Una mañana de atmósfera y luces turbias la Segeyevna toma el té en los jardines del balneario mientras Romano observa fascinado, embelesado, el bellísimo perfil y los rizos de la rusa encaramados jugueteando graciosamente con la pamela. La mañana la está echando a perder el ambiente plomizo y una brisa a ratos glacial. Y como Romano es un acróbata de la seducción aprovecha el golpe de viento que acaba de separar el panamá de los rizos de la Sergeyevna. El panamá cae de costado y emprende una carrera enloquecida, rueda literalmente por la hierba del jardín hasta colarse en la piscina. Corretea allí unos instantes sobre la superficie, flaquea, vacila, oscila, gira sobre sí mismo y se queda varado en medio de los fangos.
Es entonces cuando Romano, aplicando a la logística de la seducción la táctica del noblesse oblige se levanta embutido en su traje blanco hielo y, sin quitarse el sombrero que el viento respeta, atraviesa el jardín y con destreza de espeleólogo se introduce impávido en la oscuridad del gran lodazal. Ni siquiera se le ocurre exhibir otro medio de rescate. Con elegantes gestos avanza erguido y estoico entre las embestidas del lodo mordiéndole las rodillas. Por fin llega Romano hasta el delicioso trofeo que flota ausente como una nube de paja pálida sobre los grumos lóbregos del lodazal tremebundo.
Lo eleva del légamo, lo sostiene con ambas manos como si portara una corona imperial, da media vuelta, saca las pantorrillas de la infame sustancia, y rmprende un gracioso peregrinaje hasta la mesa de la dama rusa para depositar el roquete y una sonrisa bien templada sobre la mesa. Aunque el sombrero, que gotea lágrimas bien negras, ya no sirve absolutamente para nada.
La Sergeyevnav acaba de contemplar el mayor espectáculo del mundo dedicado en exclusiva a su persona. Porque si un caballero es capaz de preocuparse tanto por nada ¿cómo se preocupará – calcula embelesada- por esas cosas materiales tan importantes que tanto le hacen falta a ella?

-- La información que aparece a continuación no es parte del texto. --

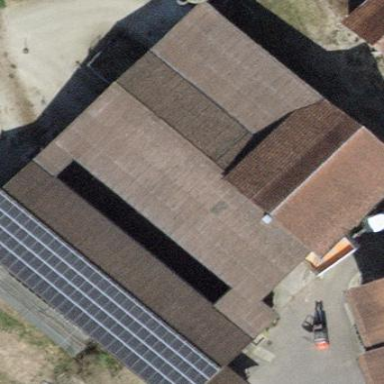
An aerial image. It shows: Gabled roof on farm auxiliary building.
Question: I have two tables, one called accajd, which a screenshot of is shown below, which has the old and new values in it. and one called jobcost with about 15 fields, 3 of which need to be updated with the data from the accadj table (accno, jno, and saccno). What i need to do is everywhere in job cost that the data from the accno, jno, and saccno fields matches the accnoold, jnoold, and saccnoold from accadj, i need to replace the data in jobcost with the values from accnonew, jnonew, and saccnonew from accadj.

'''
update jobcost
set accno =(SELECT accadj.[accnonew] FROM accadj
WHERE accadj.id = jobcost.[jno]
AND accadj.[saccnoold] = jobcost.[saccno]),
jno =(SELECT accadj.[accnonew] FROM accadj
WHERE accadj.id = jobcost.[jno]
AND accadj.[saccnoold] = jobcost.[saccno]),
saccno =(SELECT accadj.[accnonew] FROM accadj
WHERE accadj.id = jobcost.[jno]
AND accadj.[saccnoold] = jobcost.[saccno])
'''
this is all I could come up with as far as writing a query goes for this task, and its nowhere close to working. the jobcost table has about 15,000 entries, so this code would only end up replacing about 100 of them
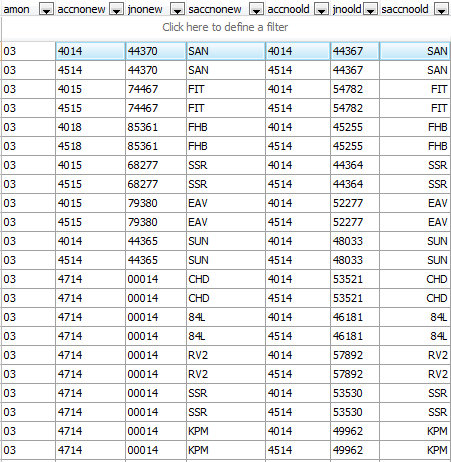
Answer: Check Below code it will work for sure ,
'''
Update jc
set jc.accno = ac.accnonew,jc.jno =ac.accnonew,jc.saccno =ac.saccnonew
from jobcost jc join accadj ac with(nolock)
on jc.accno = ac.accnoold
and jc.jno = ac.jnoold
and jc.saccno =ac.saccnoold
'''
Thanks
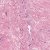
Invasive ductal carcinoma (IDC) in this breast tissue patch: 0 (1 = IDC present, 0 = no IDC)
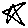
Label: star
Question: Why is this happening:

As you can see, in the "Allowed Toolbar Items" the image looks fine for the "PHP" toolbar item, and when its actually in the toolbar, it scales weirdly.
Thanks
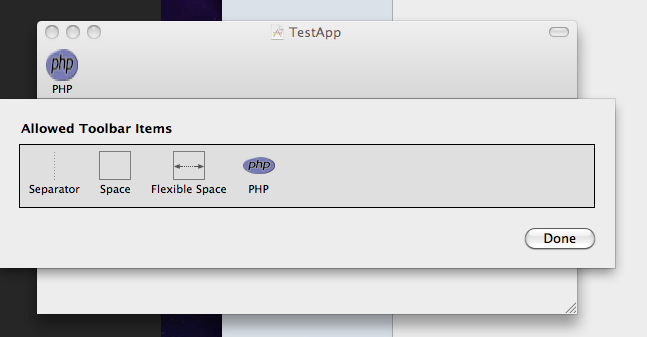
Answer: Found this in the documentation:
> The displayed resolution of an image item is dependent on the sizeMode of the toolbar. You should provide image representations specific to the default, regular and small size modes in a single image that supports multiple image representations such as icns or tiff. The appropriate image representation is automatically displayed for the toolbar's current sizeMode. Images that are not square are scaled to fit. An image item's image is also scaled down and used in the image item's overflow menu item. (Emphasis added)
This seems you might want to try fiddling with the 'NSToolbarItem''s 'minSize' and 'maxSize' properties.
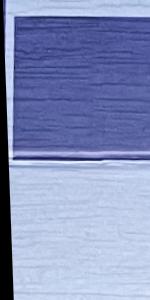
Label: Empty

Así que mostrando admiración por la espléndida hazaña de un Romano que hace un rato parecía sentirse atraído por su perrito (La dama del perrito) la Sergeyevna, esa misma noche entre sandías, que a Romano le gustan con pasión e historias que le cuenta, comiendo y riendo, se acuesta irremisiblemente con un Romano que entrándole por el fango le ha llevado a la luna a través de incomprensibles pero irresistibles sandías deliciosas.